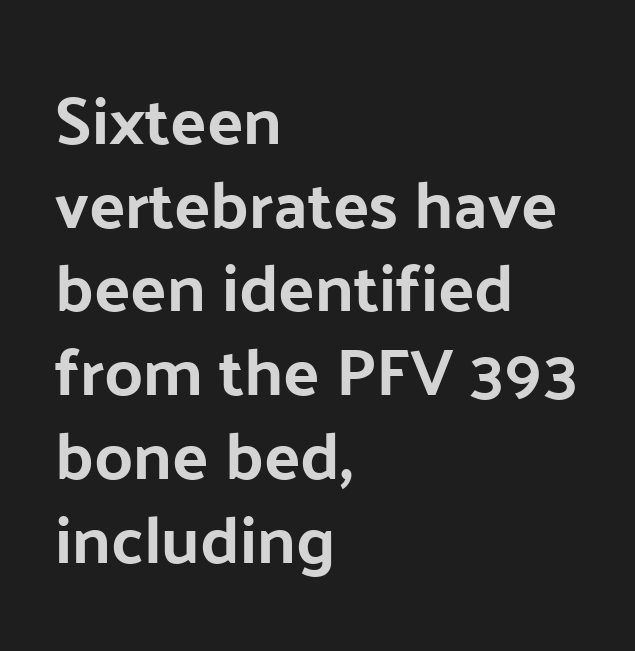
Quick note: not italic, upright. Glyph-to-glyph distance matches everyday printed text. The rendering uses natural spacing where letterforms have individual widths. One glance says typical: line gaps are just what's usual. This is sans-serif lettering, the kind often seen on screens and signage.
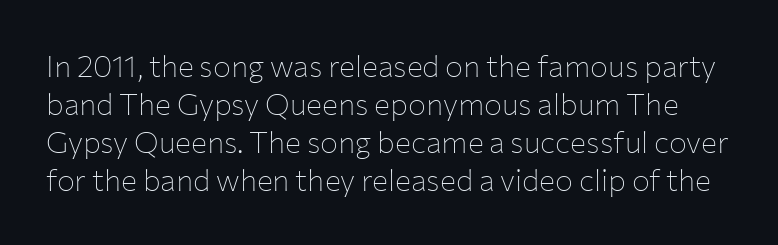
Spacing verdict: proportional, widths tailored to each character. Do the letters lean? They stand straight. How are the letters spaced? Ordinarily, with no added tracking. Type style note: lacks serifs. The words here are not underlined.
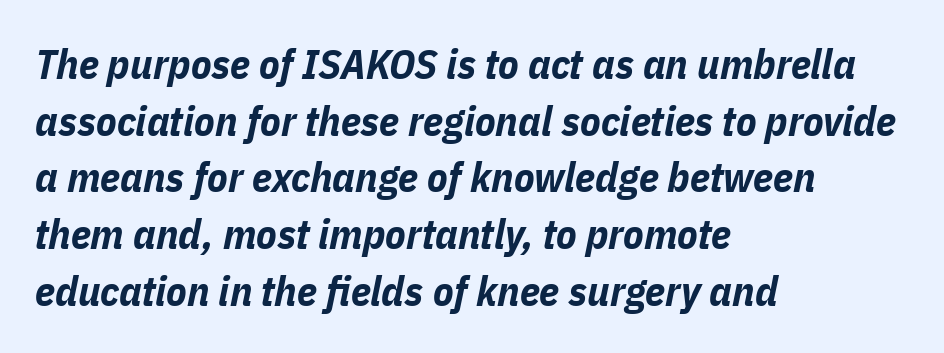
The image shows 42 px bold, condensed type, italic (leaning right); set left-aligned, normal line spacing (1.35x), normal letter spacing, not underlined; low stroke contrast and a medium x-height.
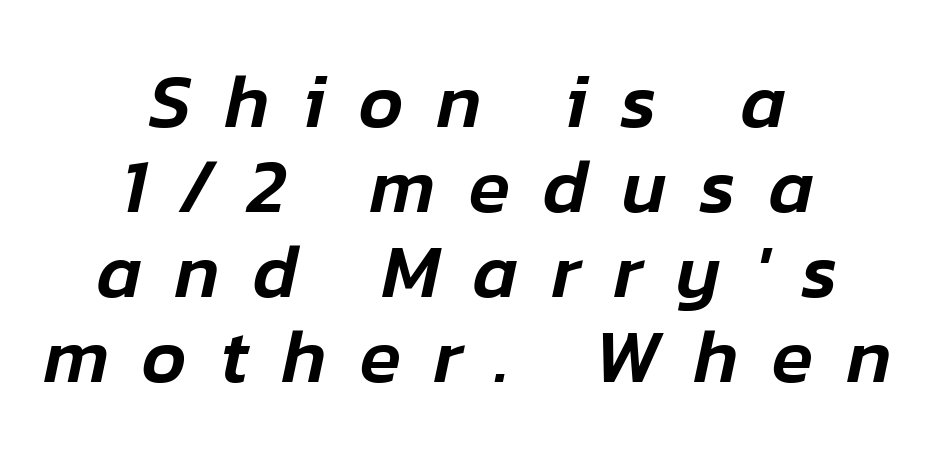
Closely set lines give the paragraph a compact silhouette. Yep, that's italic — everything's leaning. Only glyphs here, with clear space below each row. Casual observation: everything's sitting right in the middle.
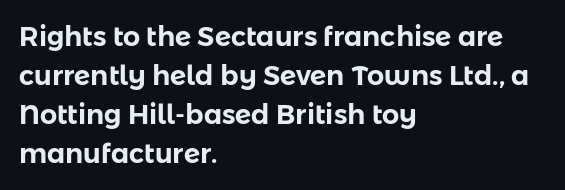
Evenly set lines give the paragraph a standard silhouette. What stands out about the letter spacing? Nothing — it is the standard amount. Glance below the letters and you will spot only blank space. The compositor pushed each line to the left boundary. The axis of the letterforms is exactly vertical.

• **Action item**: Go through the entries above and report each line with the string "paragraph" in it.

• **Solution to this problem**:
Closely set lines give the paragraph a compact silhouette. Yep, that's italic — everything's leaning. Only glyphs here, with clear space below each row. Casual observation: everything's sitting right in the middle.
Evenly set lines give the paragraph a standard silhouette. What stands out about the letter spacing? Nothing — it is the standard amount. Glance below the letters and you will spot only blank space. The compositor pushed each line to the left boundary. The axis of the letterforms is exactly vertical.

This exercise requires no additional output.